The problem with this is that a dentry on a shrinker list still has
DCACHE_LRU_LIST set to indicate ->d_lru is in use. The additional
DCACHE_SHRINK_LIST flag denotes whether the dentry is on LRU or a
shrink related list. Therefore if a relevant operation (i.e. unlink)
occurs while a dentry is present on a shrinker list, and the
associated codepath only checks for DCACHE_LRU_LIST, then it is
technically possible to modify the negative dentry count for a
dentry that is off the LRU. Since the shrinker list related helpers
do not modify the negative dentry count (because non-LRU dentries
should not be included in the count) when the dentry is ultimately
removed from the shrinker list, this can cause the negative dentry
count to become permanently inaccurate.
This problem can be reproduced via a heavy file create/unlink vs.

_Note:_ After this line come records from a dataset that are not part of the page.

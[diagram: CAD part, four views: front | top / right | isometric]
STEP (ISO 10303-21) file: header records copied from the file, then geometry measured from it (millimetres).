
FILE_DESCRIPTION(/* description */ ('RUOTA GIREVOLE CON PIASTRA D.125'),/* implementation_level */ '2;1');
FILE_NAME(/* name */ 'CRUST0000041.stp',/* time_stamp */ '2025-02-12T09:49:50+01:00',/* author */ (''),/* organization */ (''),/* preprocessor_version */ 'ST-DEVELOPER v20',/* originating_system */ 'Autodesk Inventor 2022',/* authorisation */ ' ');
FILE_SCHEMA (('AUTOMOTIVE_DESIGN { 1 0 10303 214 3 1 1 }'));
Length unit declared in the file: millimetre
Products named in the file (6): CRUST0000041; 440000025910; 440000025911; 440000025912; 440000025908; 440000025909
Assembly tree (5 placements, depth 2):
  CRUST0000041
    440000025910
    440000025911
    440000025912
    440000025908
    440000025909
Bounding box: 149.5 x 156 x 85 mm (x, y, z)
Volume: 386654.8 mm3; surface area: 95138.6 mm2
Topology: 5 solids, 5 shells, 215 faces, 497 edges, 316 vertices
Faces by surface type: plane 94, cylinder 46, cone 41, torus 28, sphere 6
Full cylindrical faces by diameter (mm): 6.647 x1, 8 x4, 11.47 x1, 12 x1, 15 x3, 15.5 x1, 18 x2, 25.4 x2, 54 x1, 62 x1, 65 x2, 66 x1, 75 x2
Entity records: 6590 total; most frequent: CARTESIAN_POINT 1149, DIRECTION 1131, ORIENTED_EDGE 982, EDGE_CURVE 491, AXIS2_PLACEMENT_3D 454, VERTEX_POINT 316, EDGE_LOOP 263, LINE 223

drop_caches workload. On an 80xcpu system, I start 80 tasks each
running a 1k file create/delete loop, and one task spinning on
drop_caches. After 10 minutes or so of runtime, the idle/clean cache
negative dentry count increases from somewhere in the range of 5-10
entries to several hundred (and increasingly grows beyond
nr_dentry_unused).
Tweak the logic in the paths that turn a dentry negative or positive
to filter out the case where the dentry is present on a shrink
related list. This allows the above workload to maintain an accurate
negative dentry count.
Fixes: af0c9af1b3f6 ("fs/dcache: Track & report number of negative dentries")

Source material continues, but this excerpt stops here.